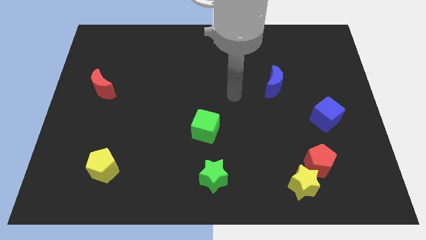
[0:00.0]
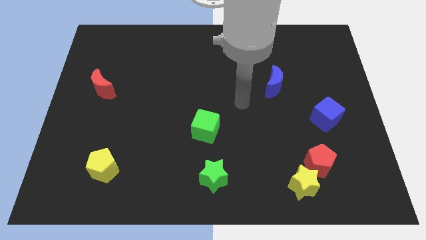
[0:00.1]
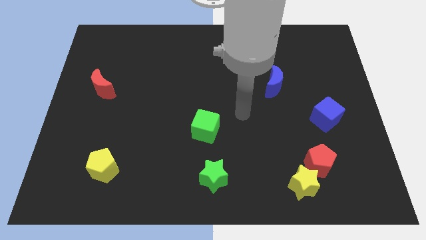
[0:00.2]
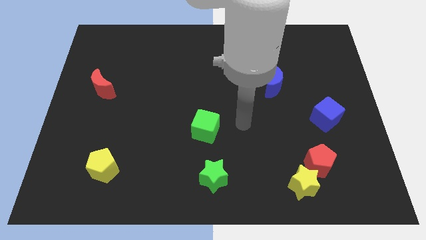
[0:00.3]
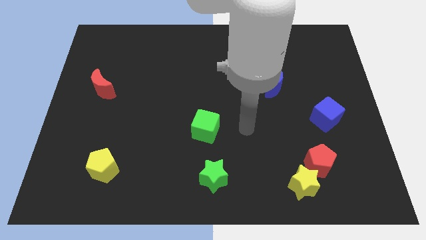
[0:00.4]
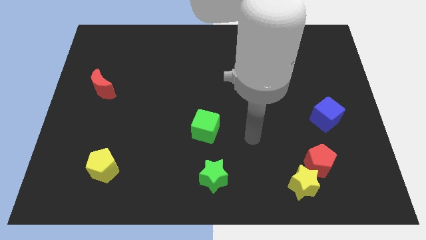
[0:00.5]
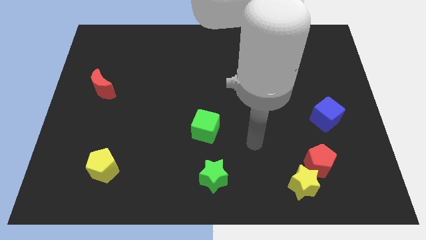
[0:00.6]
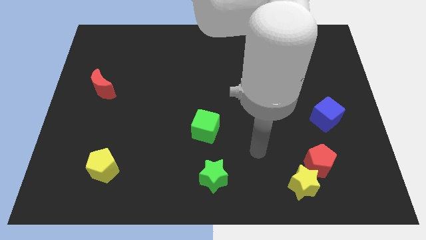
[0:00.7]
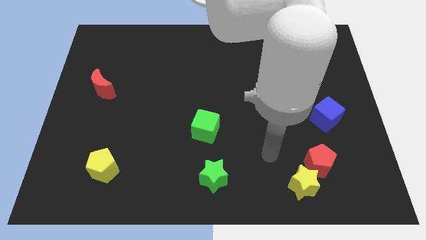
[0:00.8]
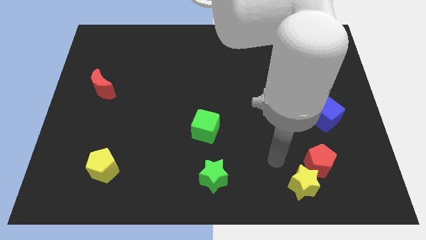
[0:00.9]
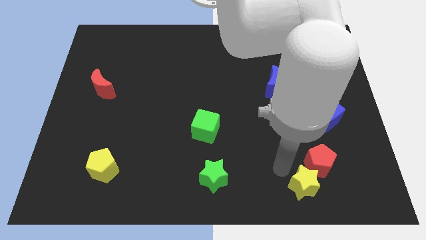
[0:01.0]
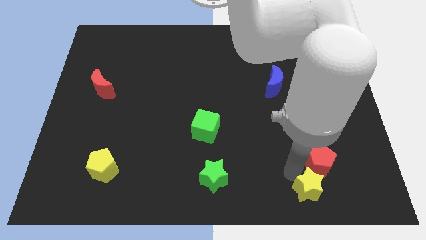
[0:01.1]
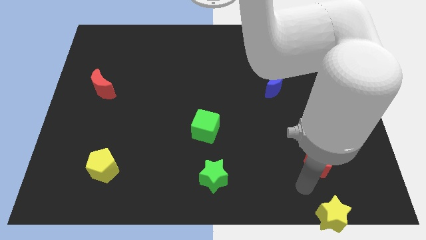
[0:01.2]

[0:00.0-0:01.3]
pull the red pentagon apart from the yellow star

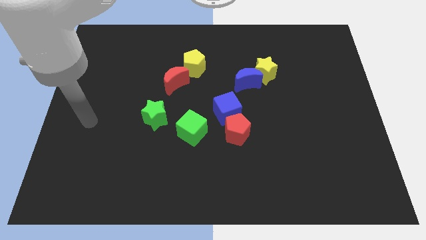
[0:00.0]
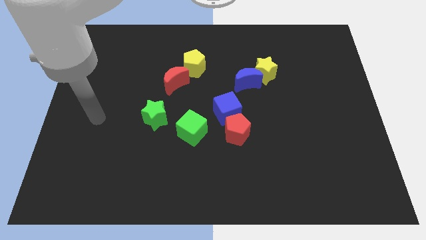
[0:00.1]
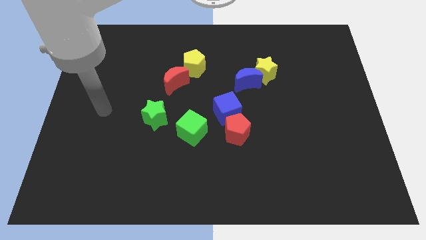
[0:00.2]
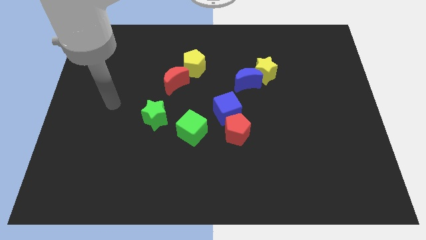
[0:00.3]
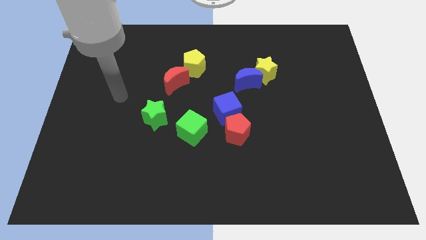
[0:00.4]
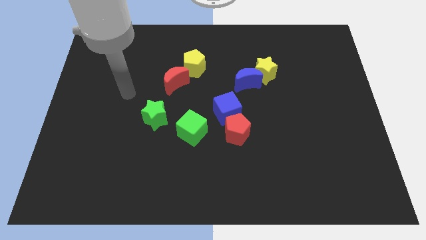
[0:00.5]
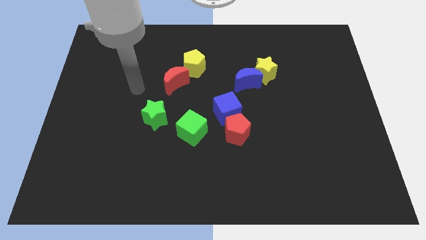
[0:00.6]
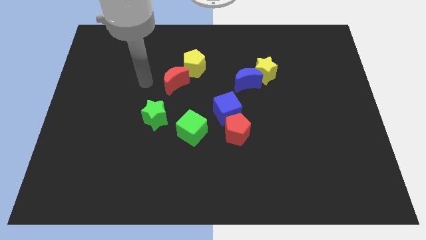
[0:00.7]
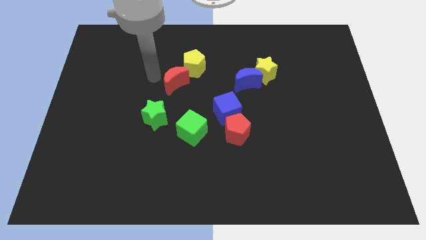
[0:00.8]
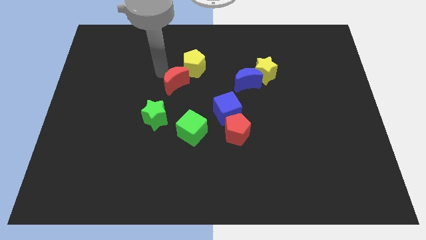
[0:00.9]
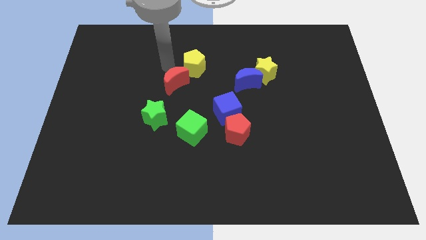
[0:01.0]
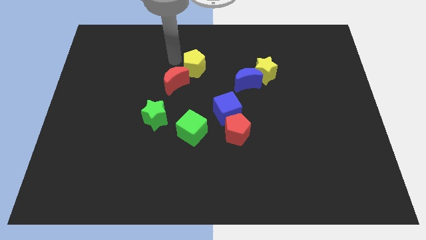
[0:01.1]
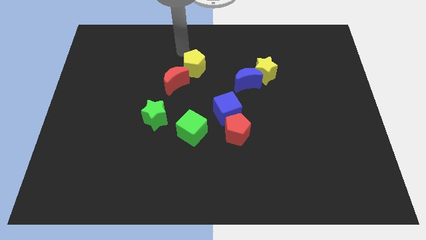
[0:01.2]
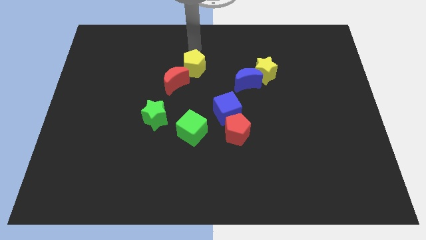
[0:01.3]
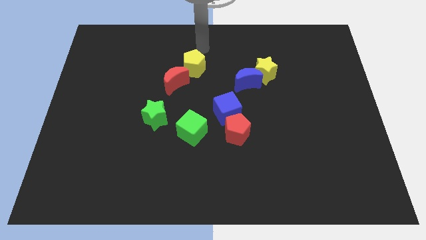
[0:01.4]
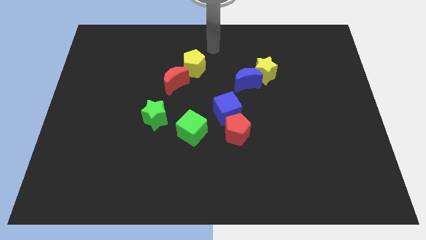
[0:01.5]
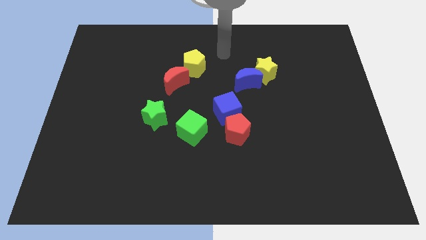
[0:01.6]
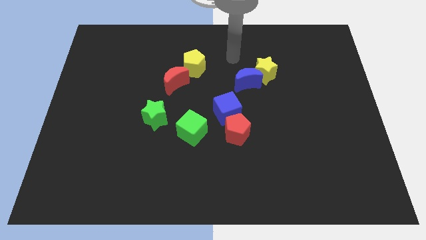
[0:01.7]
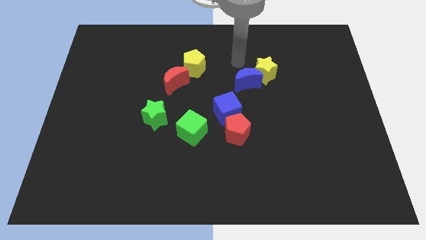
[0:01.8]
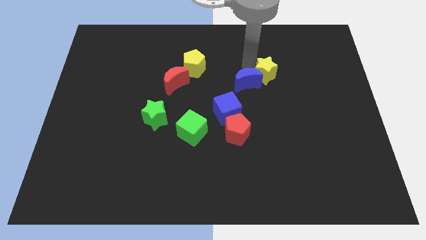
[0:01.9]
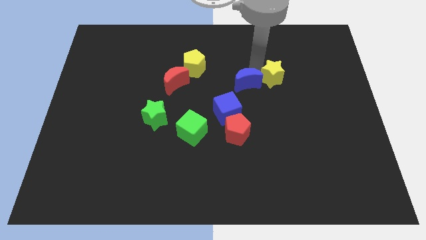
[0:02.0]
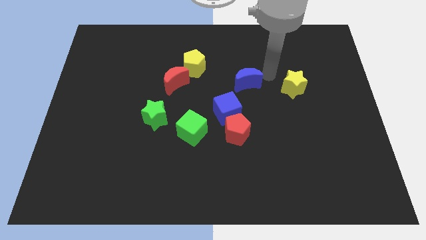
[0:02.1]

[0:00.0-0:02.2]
separate the blue moon from the yellow star

▶ **Task**: All of the data should be returned word for word, with each picture left out.

▶ **Exercise response**:
[0:00.0]
[0:00.1]
[0:00.2]
[0:00.3]
[0:00.4]
[0:00.5]
[0:00.6]
[0:00.7]
[0:00.8]
[0:00.9]
[0:01.0]
[0:01.1]
[0:01.2]

[0:00.0-0:01.3]
pull the red pentagon apart from the yellow star

[0:00.0]
[0:00.1]
[0:00.2]
[0:00.3]
[0:00.4]
[0:00.5]
[0:00.6]
[0:00.7]
[0:00.8]
[0:00.9]
[0:01.0]
[0:01.1]
[0:01.2]
[0:01.3]
[0:01.4]
[0:01.5]
[0:01.6]
[0:01.7]
[0:01.8]
[0:01.9]
[0:02.0]
[0:02.1]

[0:00.0-0:02.2]
separate the blue moon from the yellow star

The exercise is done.